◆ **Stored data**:
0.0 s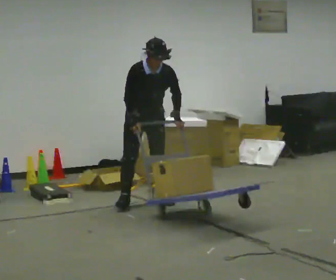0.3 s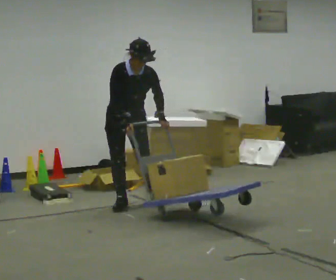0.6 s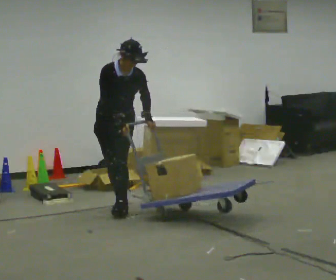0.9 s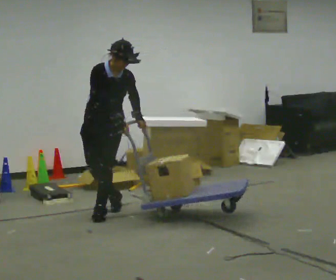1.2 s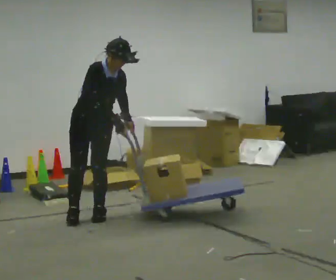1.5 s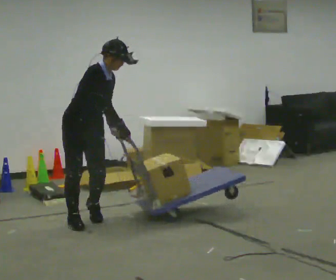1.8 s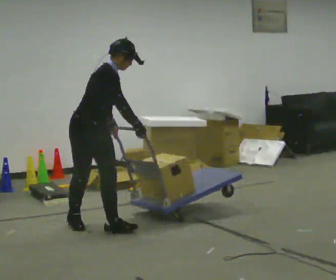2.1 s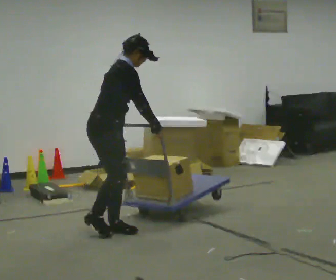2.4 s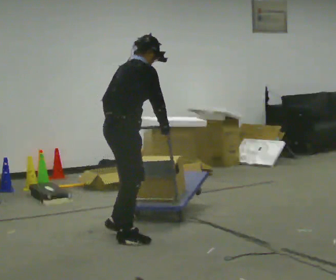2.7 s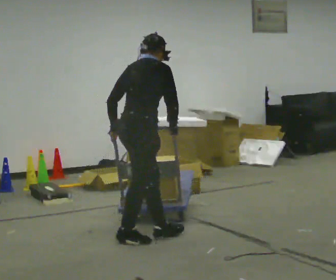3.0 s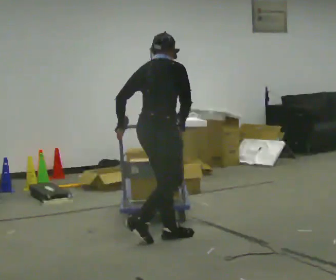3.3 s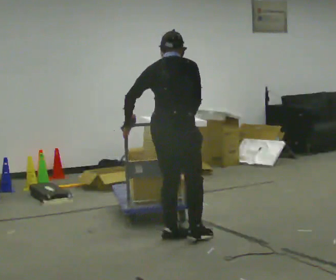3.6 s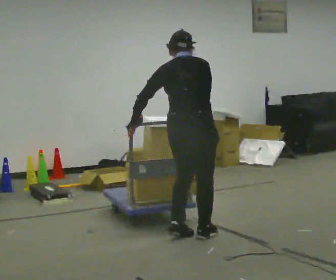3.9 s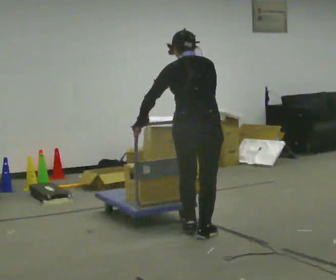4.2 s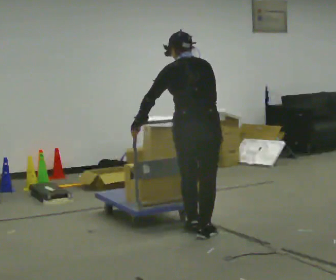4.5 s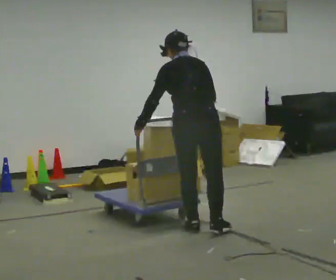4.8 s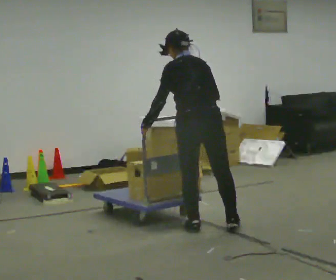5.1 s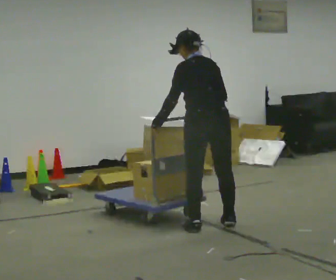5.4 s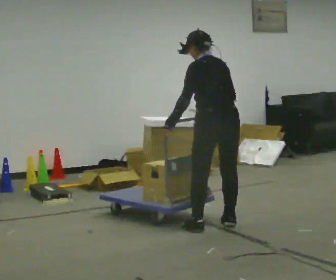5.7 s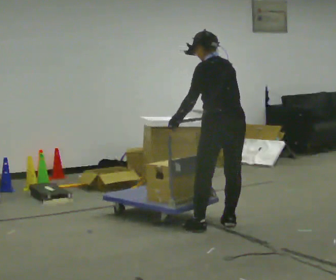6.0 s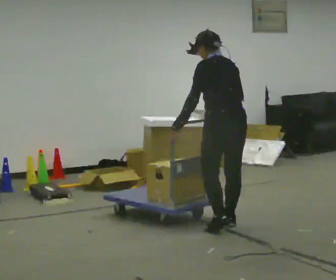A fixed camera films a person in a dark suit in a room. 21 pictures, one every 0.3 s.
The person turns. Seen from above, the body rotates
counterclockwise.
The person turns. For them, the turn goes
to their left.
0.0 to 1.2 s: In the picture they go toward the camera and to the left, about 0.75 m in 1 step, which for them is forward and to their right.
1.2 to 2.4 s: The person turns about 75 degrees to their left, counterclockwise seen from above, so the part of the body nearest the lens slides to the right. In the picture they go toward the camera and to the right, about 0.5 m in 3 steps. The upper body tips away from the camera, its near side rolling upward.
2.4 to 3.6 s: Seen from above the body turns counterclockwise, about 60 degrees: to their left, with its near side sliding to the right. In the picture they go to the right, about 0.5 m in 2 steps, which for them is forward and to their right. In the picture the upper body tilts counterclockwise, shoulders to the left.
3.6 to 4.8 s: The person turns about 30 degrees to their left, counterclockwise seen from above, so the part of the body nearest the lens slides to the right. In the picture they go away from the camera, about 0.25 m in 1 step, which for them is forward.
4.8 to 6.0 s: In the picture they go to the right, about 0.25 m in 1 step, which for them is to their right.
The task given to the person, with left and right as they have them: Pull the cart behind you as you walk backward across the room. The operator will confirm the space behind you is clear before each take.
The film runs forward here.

◆ **TASK ITEM**:
Reproduce verbatim only the lines from the one holding "The person turns. Seen" through the end of the records.

◆ **TASK RESULT**:
The person turns. Seen from above, the body rotates
counterclockwise.
The person turns. For them, the turn goes
to their left.
0.0 to 1.2 s: In the picture they go toward the camera and to the left, about 0.75 m in 1 step, which for them is forward and to their right.
1.2 to 2.4 s: The person turns about 75 degrees to their left, counterclockwise seen from above, so the part of the body nearest the lens slides to the right. In the picture they go toward the camera and to the right, about 0.5 m in 3 steps. The upper body tips away from the camera, its near side rolling upward.
2.4 to 3.6 s: Seen from above the body turns counterclockwise, about 60 degrees: to their left, with its near side sliding to the right. In the picture they go to the right, about 0.5 m in 2 steps, which for them is forward and to their right. In the picture the upper body tilts counterclockwise, shoulders to the left.
3.6 to 4.8 s: The person turns about 30 degrees to their left, counterclockwise seen from above, so the part of the body nearest the lens slides to the right. In the picture they go away from the camera, about 0.25 m in 1 step, which for them is forward.
4.8 to 6.0 s: In the picture they go to the right, about 0.25 m in 1 step, which for them is to their right.
The task given to the person, with left and right as they have them: Pull the cart behind you as you walk backward across the room. The operator will confirm the space behind you is clear before each take.
The film runs forward here.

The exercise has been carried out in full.